ABOUT THIS TASK - In the material below, print every line exactly and omit the pictures.

** Opening GIVEN RECORDS block **

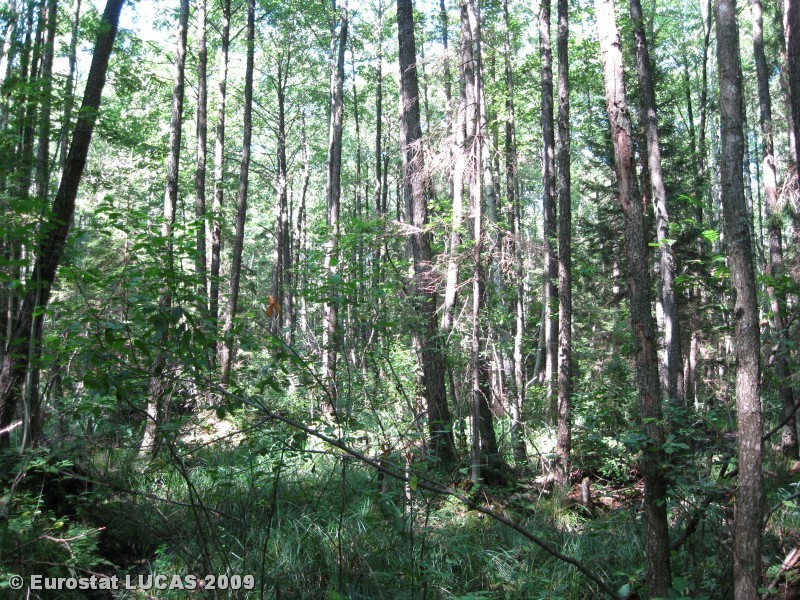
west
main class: Woodland
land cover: Broadleaved woodland
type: non-riverine alder, birch or aspen forest
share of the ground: > 75 %
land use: Forestry
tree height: > 5 m
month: August
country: LT
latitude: 54.9031
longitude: 23.5087
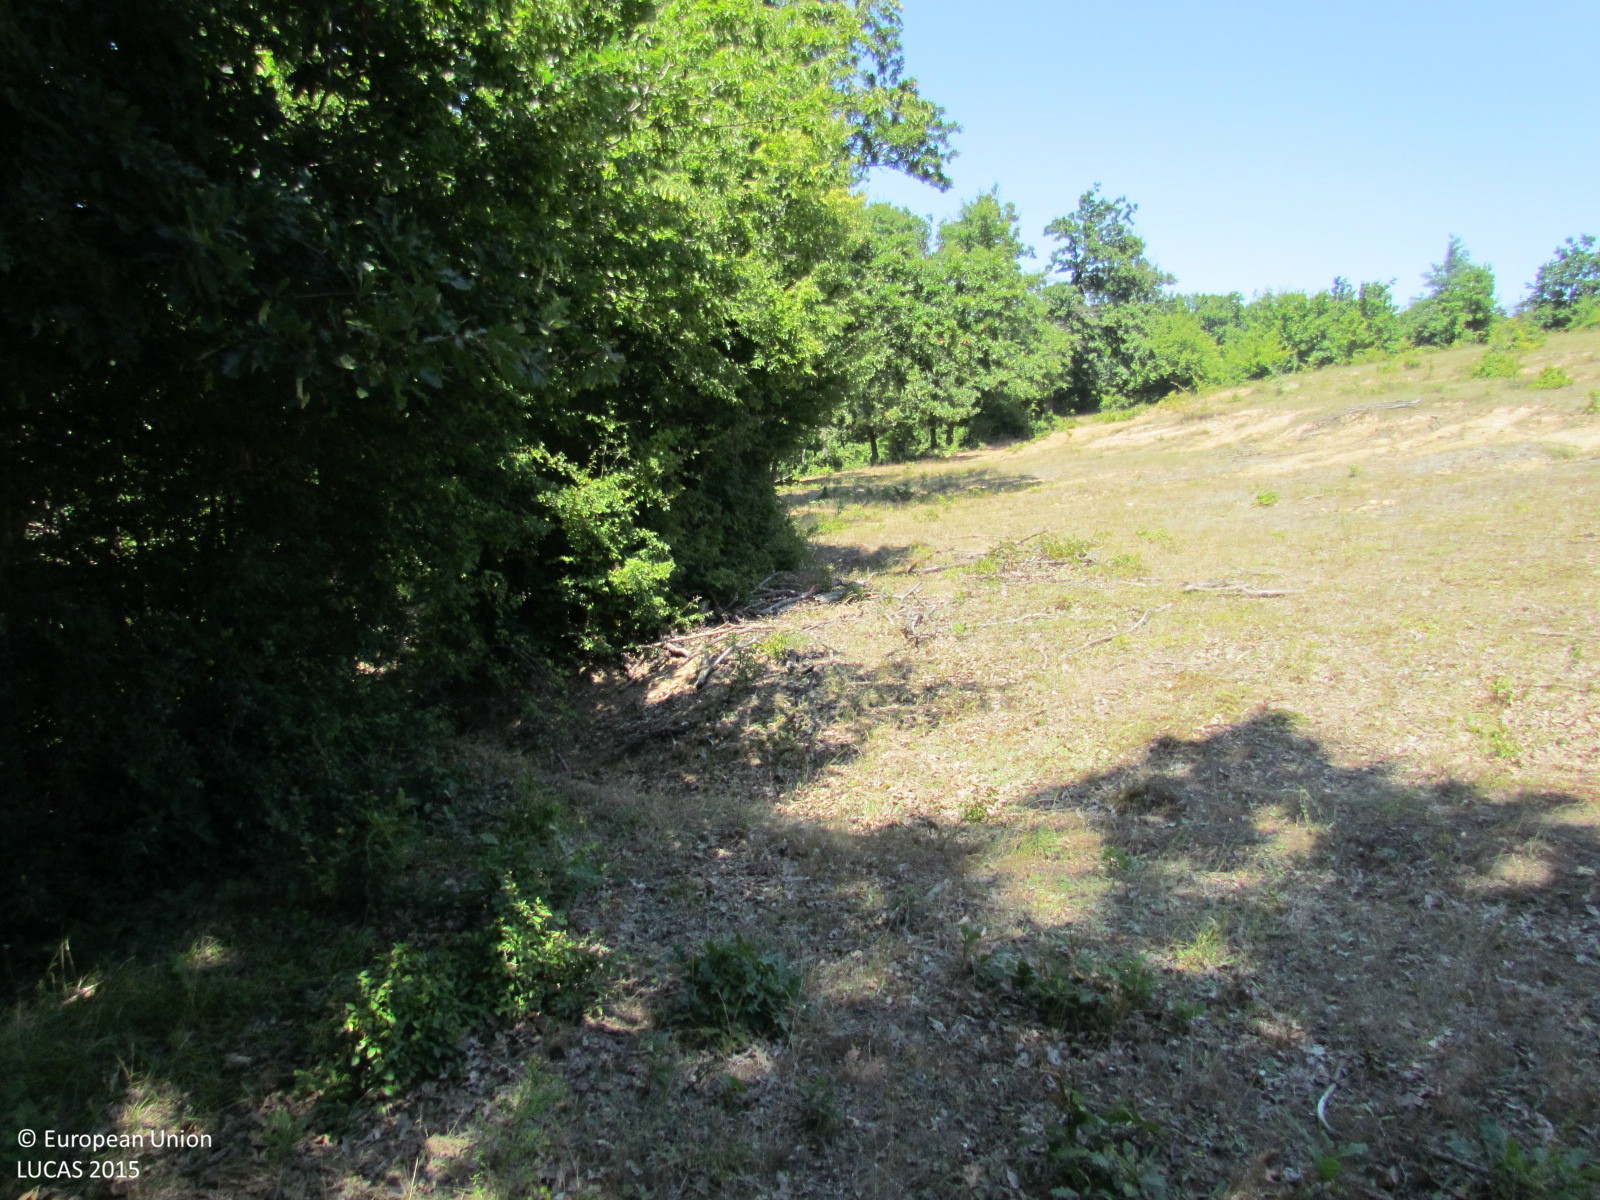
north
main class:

** Closing GIVEN RECORDS block **

SOLUTION BELOW -
west
main class: Woodland
land cover: Broadleaved woodland
type: non-riverine alder, birch or aspen forest
share of the ground: > 75 %
land use: Forestry
tree height: > 5 m
month: August
country: LT
latitude: 54.9031
longitude: 23.5087
north
main class:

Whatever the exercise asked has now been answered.